Twelve years ago, when the Soviet Union ruled Lithuania, its 3.6 million citizens could only dream of independence. Tonight, Lithuania’s Laisve-Kaunas club team will play the University of Wisconsin’s women’s basketball team, and the players will demonstrate on the court how much has changed.
While the Badgers prepare for their second exhibition game, they focus on a competitive college-basketball season. The Lithuanian players have played in a vastly different atmosphere from that of their American counterparts.
Growing up under Soviet rule, basketball for the Lithuanian women was far less about enjoying a sport than about national pride.
When their nation separated from the Soviet Union in 1990, Lithuania was forced to cope with a major transition away from East Bloc politics. Today, one of the biggest issues in the country is that the European Union has excluded it from a trade alliance made up of mostly Western countries.
Although Lithuania was the first republic to break away from Soviet rule, it remains a major pathway for immigrants moving from Asia to Europe. The European Union ambassador to Lithuania says he can see the progress the nation has made over the last decade but does not consider it likely Lithuania will join the Union in the near future.
“If we compare the situation now with the one that existed two or three years ago, it has improved dramatically,” Ambassador Henrik Schmieglow said.
For the Laisve-Kaunus basketball team members, they say the most dramatic change has been its latitude to travel internationally. This trip to America would have been impossible 12 years ago.
Freedom, in this case, means losing by 40 points in front of diminutive crowds.
Since beginning its tour Nov. 5, Laisve-Kaunus lost to Northern Iowa, 105-67 in front of 700 fans, and 97-55 to Iowa.

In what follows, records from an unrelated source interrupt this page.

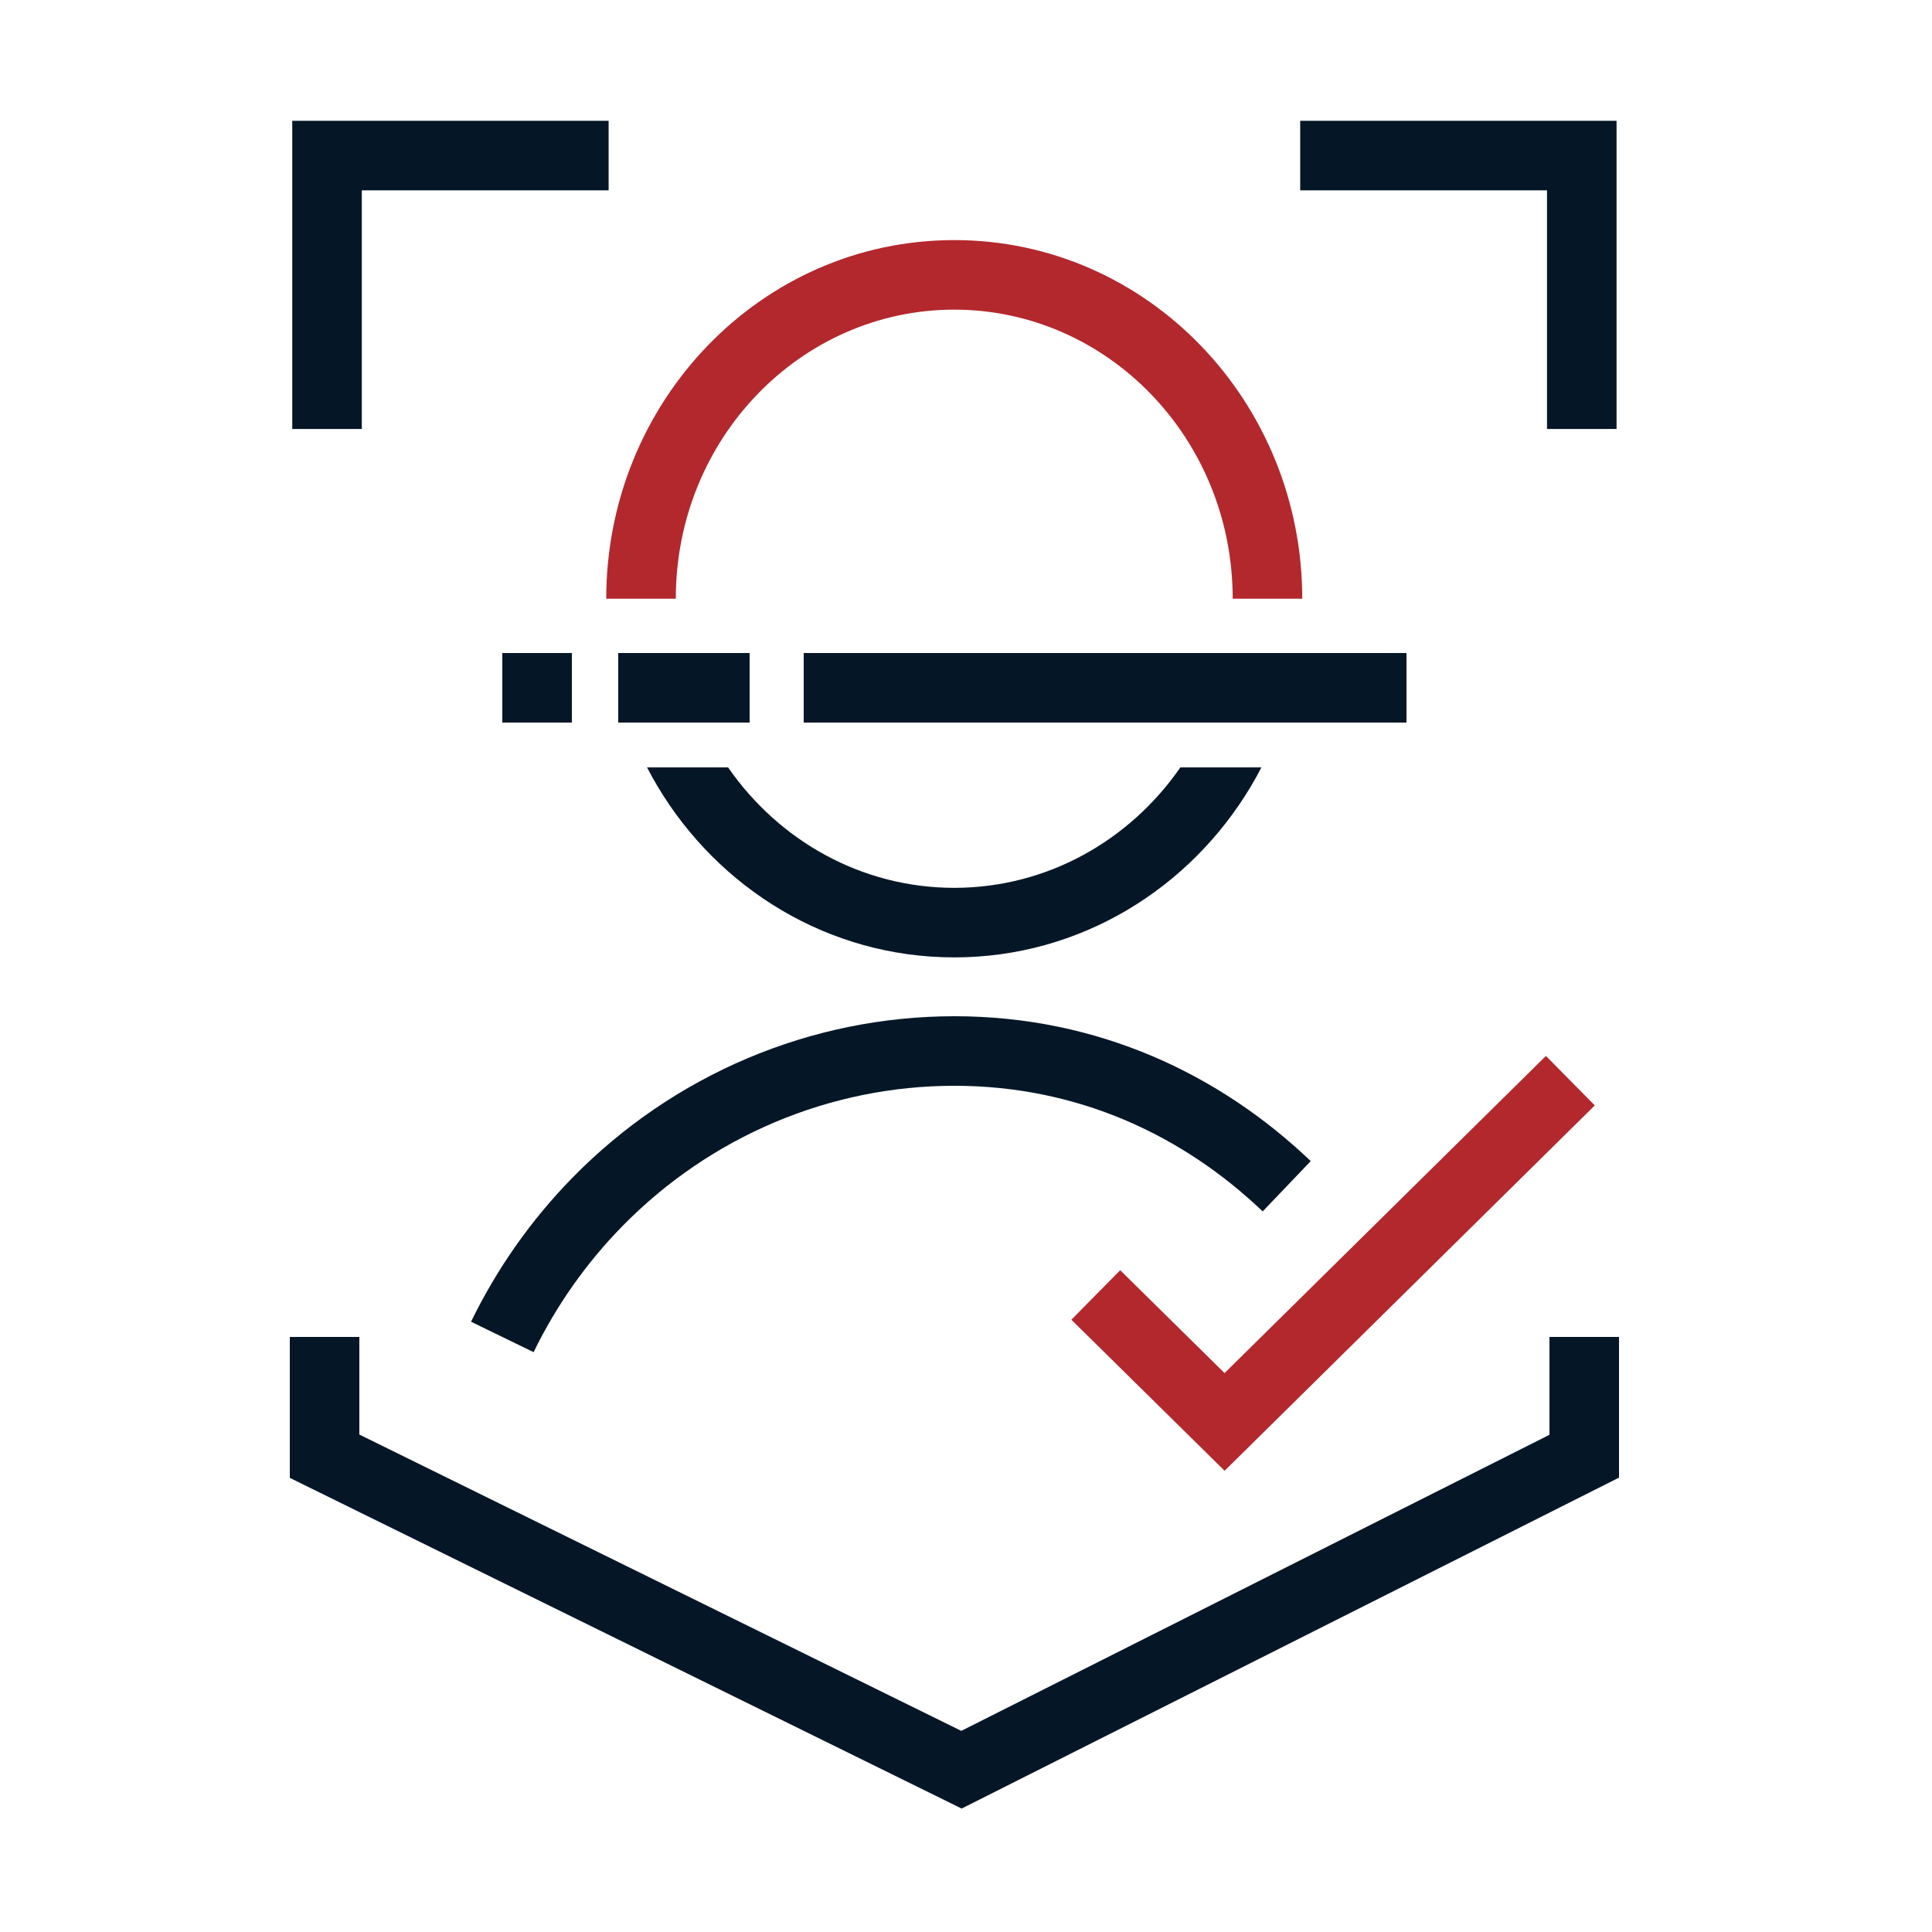 <svg width="48" height="48" viewBox="0 0 48 48" fill="none" xmlns="http://www.w3.org/2000/svg">
<path d="M31.339 19.066C31.258 19.223 31.173 19.377 31.083 19.528C29.569 22.072 26.839 23.786 23.708 23.786C20.577 23.786 17.846 22.072 16.332 19.528C16.242 19.377 16.157 19.223 16.076 19.066H18.089C19.351 20.886 21.403 22.058 23.708 22.058C26.013 22.058 28.065 20.886 29.326 19.066H31.339Z" fill="#051727"/>
<path d="M34.944 16.224L34.944 17.952L19.968 17.952L19.968 16.224L34.944 16.224Z" fill="#051727"/>
<path d="M18.624 16.224L18.624 17.952L15.36 17.952L15.36 16.224L18.624 16.224Z" fill="#051727"/>
<path d="M14.208 16.224L14.208 17.952L12.48 17.952L12.48 16.224L14.208 16.224Z" fill="#051727"/>
<path d="M23.712 25.248C27.285 25.248 30.311 26.696 32.565 28.847L31.371 30.097C29.401 28.216 26.791 26.976 23.712 26.976C20.62 26.976 17.652 28.229 15.46 30.466C14.557 31.388 13.816 32.446 13.257 33.594L11.703 32.838C12.342 31.525 13.19 30.313 14.226 29.256C16.739 26.692 20.151 25.248 23.712 25.248Z" fill="#051727"/>
<path d="M7.261 3.001H15.121V4.729H8.989V10.658H7.261V3.001Z" fill="#051727"/>
<path d="M40.163 3.001H32.303V4.729H38.435V10.658H40.163V3.001Z" fill="#051727"/>
<path d="M8.928 33.216V35.641L23.883 43.003L38.496 35.647V33.216H40.224V36.711L23.892 44.933L7.2 36.717V33.216H8.928Z" fill="#051727"/>
<path d="M23.708 5.965C28.51 5.965 32.354 9.982 32.354 14.875H30.626C30.626 10.882 27.502 7.693 23.708 7.693C19.914 7.693 16.79 10.882 16.79 14.875H15.062C15.062 9.982 18.906 5.965 23.708 5.965Z" fill="#B3282D"/>
<path d="M39.622 27.464L30.425 36.541L26.618 32.788L27.831 31.558L30.424 34.114L38.408 26.234L39.622 27.464Z" fill="#B3282D"/>
</svg>

But the Big Ten is so foreign to the Lithuanian players that the losses pale to the experience. Wisconsin has not been picked among the NCAA’s Top 25 teams this season, but Laisve-Kaunus finds it significant that its American counterparts can take place in such a democratic process.
Lithuania’s president Valdas Admakus seemed nearly as unlikely 12 years ago as a foreign basketball tour. Elected in 1998 by 0.7 of a percentage point, Admakus was put in charge of a nation trying to rebuild after decades of totalitarian rule.
Ten of the Lithuanian players were eligible to vote in the election of 1998 in which Admakus was first elected president, and all but four of them will have the opportunity to vote for their president Dec. 22.
Admakus was a huge underdog in that election, like this group of Lithuanians on American basketball courts. But the team seems to draw its will to win from their nation’s political leader.
Ingrida Jonkute, Jovita Jutelyre and Valdone Sakalauskiene scored double-figure point totals against Northern Iowa, and Jutelyre and Jonkute led the team in scoring against Iowa.
The Laisve-Kaunas team managed to shoot just 32 percent from the floor against Iowa and were 0-8 from behind the three-point arch, so the Lithuanian team will bring a much different style of play to the Kohl Center.
“I think it will be a good experience for us to play a team from another country,” said UW captain Leah Hefte. “We really don’t know anything about them, so we’re just going to go out there and play our game and focus on us and hopefully come away with a win.”
The Badgers want to see an example of different styles to prepare for a non-conference season, before returning to the Big Ten.
The Lithuanians will hope to learn something about the world in a basketball game against a Wisconsin team with a very different perspective of freedom before returning to Eastern Europe.